From 8(ABC).*1 onwards, Dante takes a central position with Joyce incorporating the Divine Comedy’s tripartite structure into “The Triangle” to document Dolph’s unrepentant journey into Hell. In 8AC.*0, although in relative sketch form, the structures of the Inferno, Purgatory and Paradise are integrated within the FW 293 diagram, each in correct proportion to the other, according to the Divine Comedy, and in three dimensions, making its design multi-levelled from its conception. 8AC.*0, with its narrative focus on Dolph’s construction of the diagram, include Purgatory and Paradise quotations, which anticipate material in 8(ABC).*0 and later drafts. The 8AC.*0 instruction: ‘[...] pour[?] a pee there ^for Pride^ and let you go and make ^for Humbles^ a pie up your end’ (JJA 53: 5; cf. FW 295.19-21), is explicitly Dantean,[43] not labelling the diagram in dry geometric fashion. In Canto IX of Purgatory, Dante and Virgil, upon the Gate, climb three steps and are greeted by an angel. To make his way towards Paradise and God, Dante requires his soul to be purged of his capital sins, which the trials on the seven cornices of the mountain will provide. Dante has seven P’s[44] cut into his forehead by the angel, and in climbing each of the mountain’s seven cornices, his capital sins are purged:


Then he did write with his sword’s point, and make

Upon my brow the mark of seven P’s;

“Wash thou these within there”, thus he spake. (Purg. IX.112-14)

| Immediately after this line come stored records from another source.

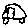
Label: car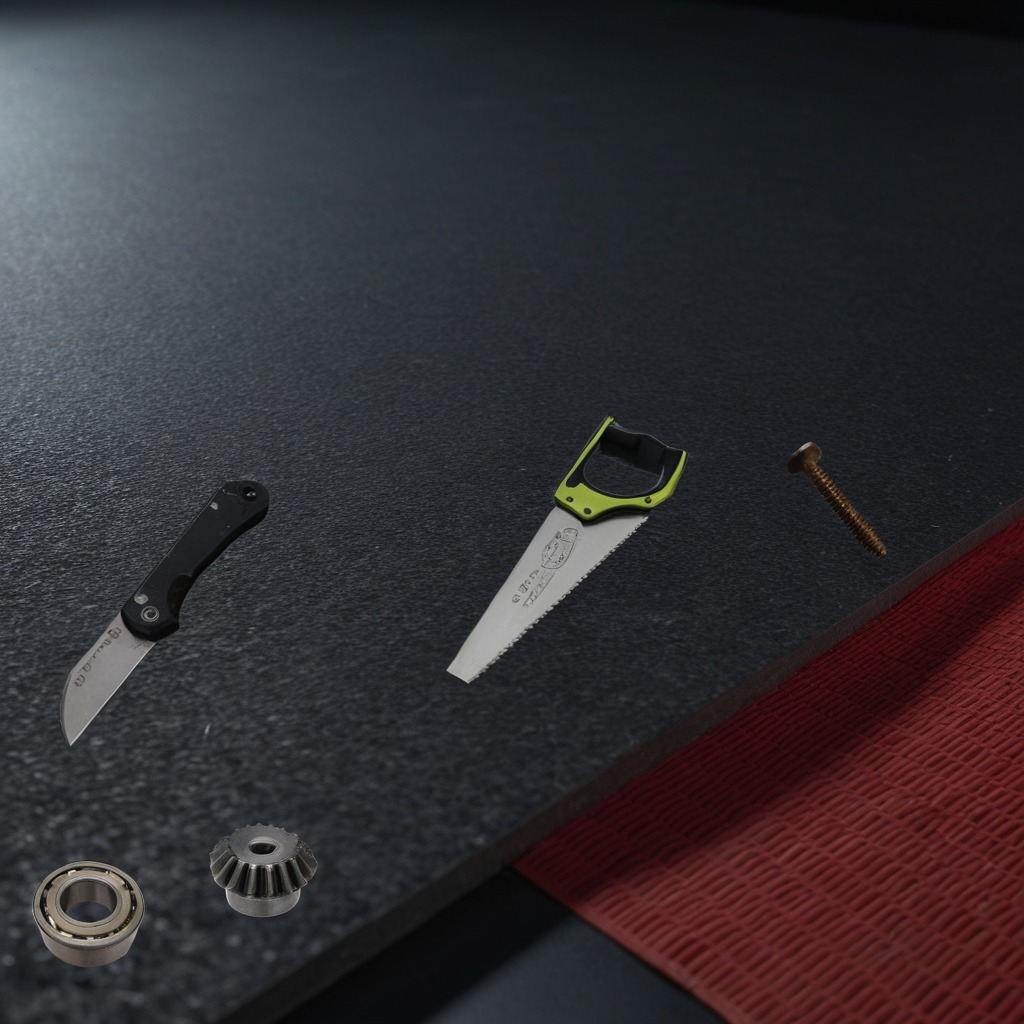
A metal ball bearing, a steel gear with teeth, a utility knife, a metal machine screw, and a handheld metal saw are lying on a clean granite tabletop covered with a red rubber mat inside a workshop at night dim ambient light soft shadows worn but beneath the mat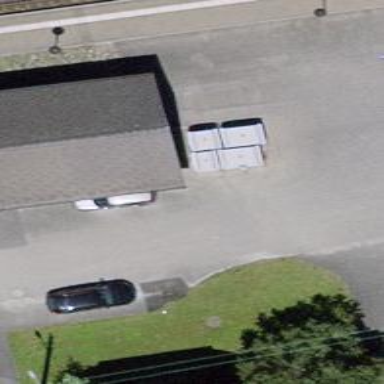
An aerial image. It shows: Recycling container for recycling.
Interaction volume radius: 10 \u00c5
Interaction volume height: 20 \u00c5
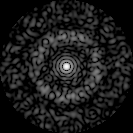
Disorder parameter: 0.8394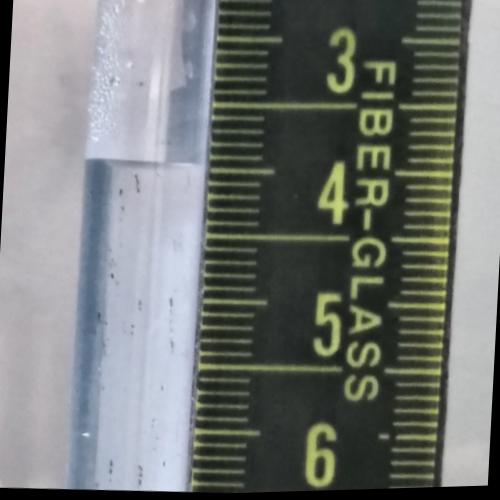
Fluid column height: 4.0 cm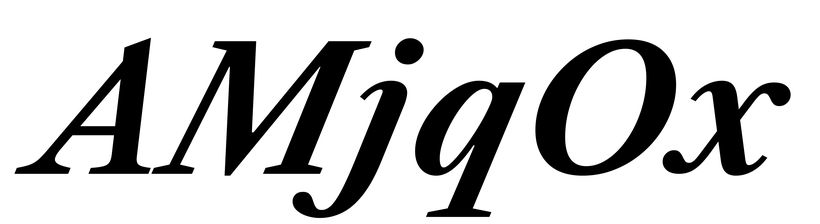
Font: LibreCaslonText-Italic_Bold_Italic

Dolph’s Pride is identifiable with Dante’s schematic progress up Mount Purgatory passing through the cornices each of which represent another Deadly sin. In 8.*2, the addition of ‘the word capital’ prior to ‘pee’: ‘I’d likelong to have ^mack^ a capital pee for Pride down there’ (JJA 53: 41; cf. FW 296.5) defines Pride with its official doctrinal title.[45] Dolph has one  ‘for Pride’, the most serious of all capital sins, and he classifies it to himself in the diagram’s construction. There is indeed ‘Pride’ in this self-assignation, and together with his positioning of Kevin at the top, in a heaven-like placing, mocking his innocent, ‘humble’ nature, it is self-evident that Dolph is not in Dante’s Purgatory, where only repentant sinners are allowed, who are searching forgiveness from God.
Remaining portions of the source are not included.